Os Serviços Municipalizados dos Transportes Urbanos de Coimbra (SMTUC) estimam que 14% dos seus passageiros diários serão impactados pelas alterações na rede, face à nova operação do “metrobus” e às mudanças no trânsito na Baixa.

A proposta de alteração de mais de 20 linhas dos SMTUC foi aprovada esta segunda-feira em reunião do executivo, com os votos favoráveis dos cinco elementos da coligação Avançar Coimbra (PS/Livre/PAN) e da ex-vereadora do Chega e votos contra dos cinco vereadores da coligação Juntos Somos Coimbra (PSD/CDS-PP/IL/Nós, Cidadãos!/PPM/MPT/Volt). A oposição criticou a falta de participação no processo e antevê “caos” no trânsito.

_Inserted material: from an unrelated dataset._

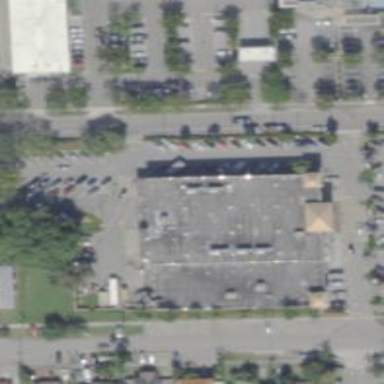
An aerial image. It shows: Supermarket building.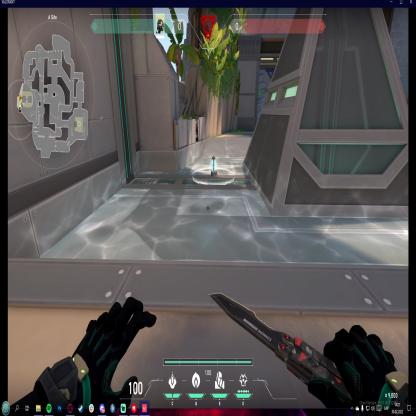
Label: planted spike

A proposta altera de forma substantiva a organização do trânsito nos principais eixos da Baixa de Coimbra (via Central, rua da Sofia, Olímpio Nicolau Rui Fernandes e Saragoça) e muda os percursos dos Serviços Municipalizados dos Transportes Urbanos de Coimbra (SMTUC), que se ajustam a essas mudanças, mas também à entrada em serviço do ‘metrobus’ até Coimbra-B e Praça da República.

As alterações implicam uma redução significativa do tráfego de atravessamento sobre a rua da Sofia e Olímpio Nicolau Fernandes, passando a haver transferência do trânsito para as ruas de Aveiro, rua de Saragoça, rua Guerra Junqueiro e circulares interna e externa, aclarou André Remédio, diretor técnico da Engimind, empresa contratada para estudar a reorganização do trânsito.

A vereadora na oposição, Ana Bastos, sustentou que a proposta representa “ uma transformação profunda do funcionamento da cidade, sem que as pessoas e comerciantes diretamente envolvidos tenham sido ouvidos ”, defendendo uma discussão pública “ampla e informada”.

A vereadora defendeu que a transformação, promovida pela introdução do “metrobus”, deveria ser feita “de forma segura, fundamentada, progressiva e com respeito pelas pessoas mais vulneráveis”.

Para Ana Bastos, o executivo não deveria avançar para “uma solução de forte restrição”, quando o “metrobus” ainda não cobre a generalidade do território urbano , a rede dos SMTUC “está ainda em processo de reorganização e não existe uma rede estruturada de parques de estacionamento periféricos devidamente articulada”.

A vereadora vincou que não é contra a redução do tráfego automóvel nem contra uma Baixa mais pedonal, mas que seria contra uma solução “imposta sem o necessário debate”.

Além disso, Ana Bastos notou que o acesso entre a Portagem e a Universidade de Coimbra fica dependente da Ladeira do Seminário e da rua de Aveiro – uma de “carácter residencial” e outra com “níveis de congestionamento elevados”.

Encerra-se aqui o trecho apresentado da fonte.